L’action du Visiteur repose sur une rencontre imaginaire entre Freud et un visiteur qui est en réalité un Dieu incarné et qui est apparu « déguisé » en homme. L’intrigue paraît d’emblée tout aussi séduisante qu’invraisemblable en raison de son fondement entièrement irrationnel et de son caractère totalement fictif. Elle s’appuie pourtant sur des faits vrais et avérés, tirés de la vie de Sigmund Freud, en l’occurrence sur ses hésitations réelles à quitter Vienne ainsi que sur les circonstances de son départ effectif survenu peu après l’envahissement de l’Autriche par les nazis. Le dramaturge, comme tant d’autres avant lui, choisit un moment opportun dans la biographie désespérément incomplète de son personnage pour y insérer un volet secret qui semble faire défaut. Pour Freud, il s’agit d’un moment d’autant plus charnière dans sa vie personnelle qu’il risque de perdre sa fille Anna, de compromettre tant sa carrière que sa réputation et de terminer même dans un camp de concentration. Pour Freud, connu pour être juif mais réputé athée, il s’agit précisément de revenir sur les motivations de son départ forcé à la faveur d’un dilemme conçu à la manière de la tragédie classique. Peu importe donc, dans ces conditions, que l’action soit entièrement fictive, pour peu que le cadre spatio-temporel reste suffisamment vraisemblable pour embrasser un débat métaphysique qui représente le véritable enjeu dramatique de la pièce.

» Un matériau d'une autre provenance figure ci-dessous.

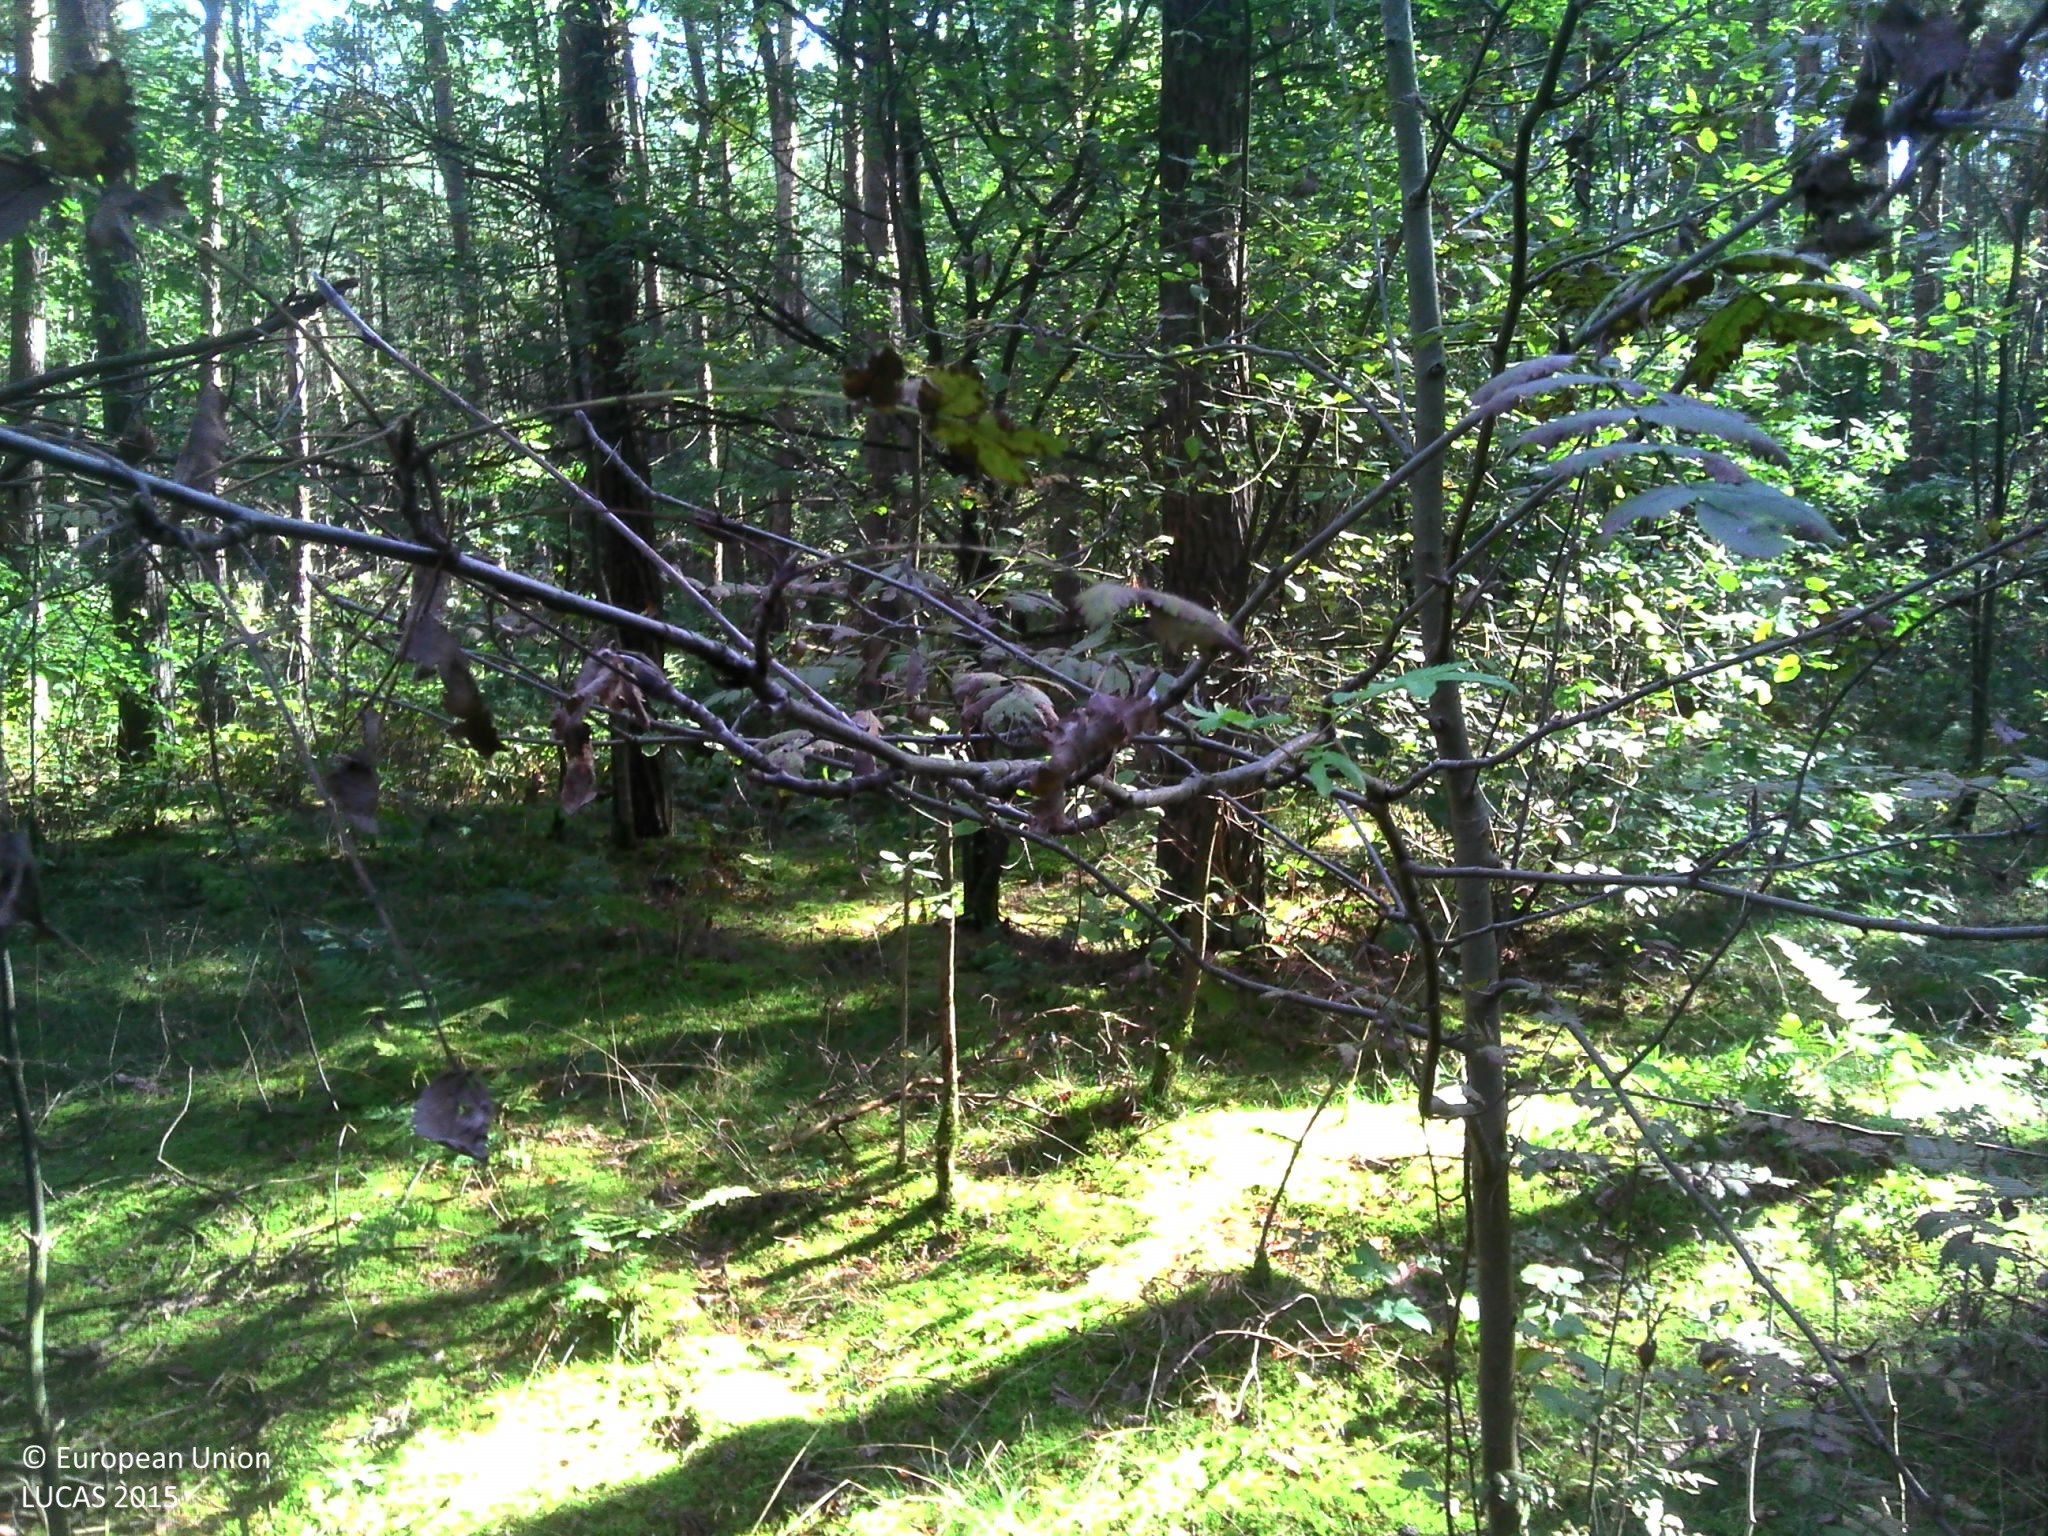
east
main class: Woodland
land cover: Pine dominated coniferous woodland
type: exotic forest
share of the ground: > 75 %
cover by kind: coniferous forest trees 100 %
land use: Forestry
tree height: > 5 m
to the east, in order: Pine dominated coniferous woodland; Tracks; Pine dominated coniferous woodland; Ditches and canals; Grass margins; Paved roads, cycling and walking lanes; Grass margins; Ditches and canals; Grass margins; Pine dominated coniferous woodland
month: September
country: BE
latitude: 51.2354
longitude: 4.7688

La tragédie classique fonctionnait de la même manière : fondée sur un fait historique, elle développait une action dont on savait qu’elle n’eut jamais lieu telle que mise en œuvre par le dramaturge. Éric-Emmanuel Schmitt reprend ce dispositif dramaturgique à son compte dans une formule assouplie, exempte de toute règle contraignante, même si sa pièce semble paradoxalement « respecter » formellement celle des trois unités. L’action de son Visiteur se déroule en effet la nuit du 22 avril 1938 dans le cabinet de Freud situé au 19 Berggasse à Vienne ; elle est en outre resserrée autour de la figure du célèbre père de la psychanalyse. D’autres détails relevés dans les propos échangés viennent en renfort pour construire la crédibilité de l’intrigue ainsi que pour susciter l’adhésion du spectateur. Éric-Emmanuel Schmitt combine donc des faits historiques et un inventio littéraire dans une perspective dialectique tout en instaurant une tension constante entre la vérité (historique) et la fiction (littéraire) dépassées précisément dans la véracité et la teneur métaphysiques de l’échange qui seul intéresse vraiment le spectateur. Toute mise en scène doit prendre en compte cette perspective qui fait tout le sel du Visiteur et transposer sur scène cette tension qui situe l’action dans l’entre-deux, ce que tente de faire Johanna Boyé grâce à une scénographie de facture classique.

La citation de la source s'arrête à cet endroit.